There’s also a very good book, Mahout in Action, which covers recommender systems and other components of Mahout. It’s based on version 0.5 (current one is 0.8), but the code examples mostly work and the main logic of the project is the same.

Adam

  • Marcin Kubala

    Hi Adam,
    it seems that you have a (minor) typo at the penultimate code listing – signatures at line #12 and #16 doesn’t match together.

  • http://www.warski.org/ Adam Warski

    Fixed, thanks!

  • Pingback: Using Amazon’s Elastic Map Reduce to compute recommendations with Apache Mahout 0.8 | Blog of Adam Warski()

  • Pingback: Using Amazon’s Elastic MapReduce to Compute Recommendations with Apache Mahout 0.8 | Big Data NewsBig Data News()

  • Jordi Aranda

    Hi Adam, first of all thanks for the post, it was pretty interesting. Actually I’ve been also playing a little bit around with Apache Mahout on some basic recommenders and the most compromising step for me is the matrix update process. I would be very grateful if you could write something about it (e.g.: multiple update strategies and the corresponding implementations). Thanks!

  • http://www.warski.org/ Adam Warski

    I suppose you are referring to the Hadoop-based item-item algorithm (where co-occurences are counted)? Or do you mean updating the matrix in some other way?

  • Jordi Aranda

    Probably I did not explain myself well. What I would like to know is how to update the user-item matrix (data model): every time a user votes a certain item, the data model is actually changing and hence, recommendations might also change. All examples I have found so far work with an “static” dataset. In that way, I would like to know what are the main strategies to update the data model. Is it always a batch process and one must reload the data model in memory from new ratings?
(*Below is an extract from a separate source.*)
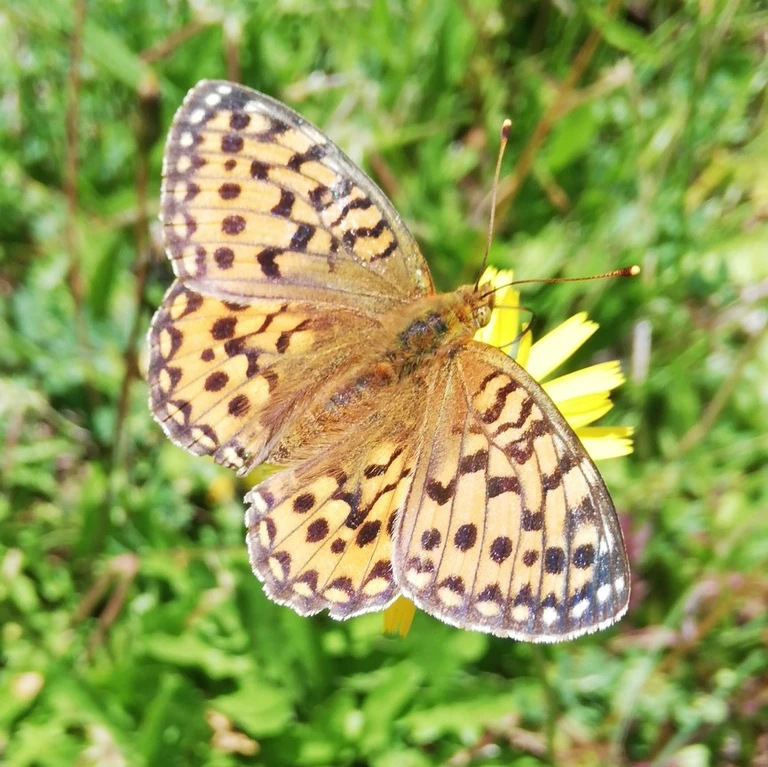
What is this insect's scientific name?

I did not found any blog post talking about this issue, which to me seems to be quite important. Thanks for your time!

  • http://www.warski.org/ Adam Warski

    Ah, I understand. I don’t recall any specific algorithms which would deal with updating the user-item matrix (though my knowledge is certainly limited ;) ). What you do instead, is periodically throw away the old model and build a new one.
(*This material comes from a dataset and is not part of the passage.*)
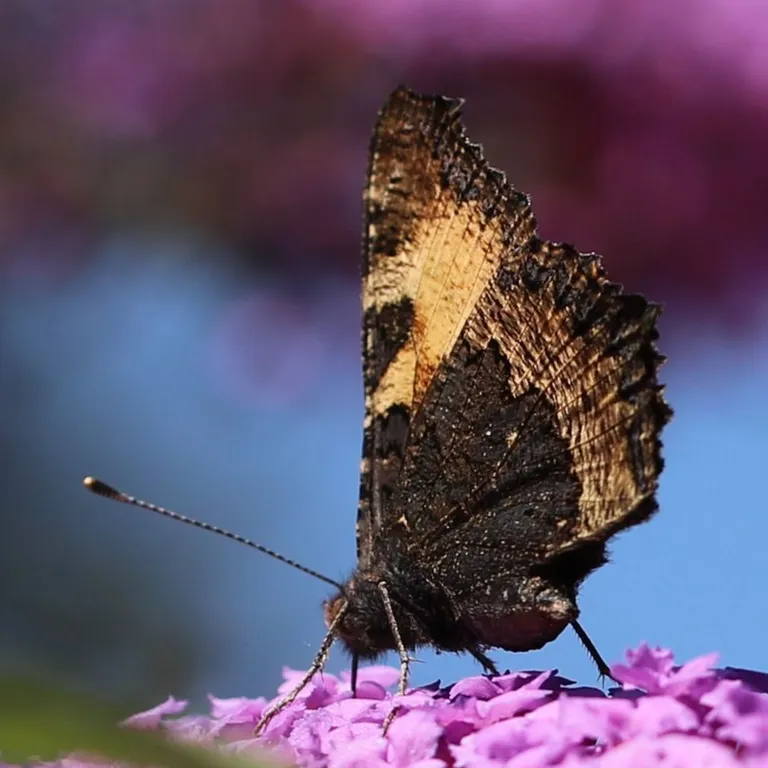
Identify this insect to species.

    The assumption we make here is that individual changes in user preferences don’t impact *that* much the overall behaviour of the algorithm. So recomputing the preferences can be done e.g. once every hour, once every day, or once every week, depending on the data size and the rate at which preference change.

    To actually make recommendations to new users/users with changed preferences, I apply what’s described in the “on-line” section of the blog – temporarily create a new user, and make recommendations basing only on the information from which the recommender was created.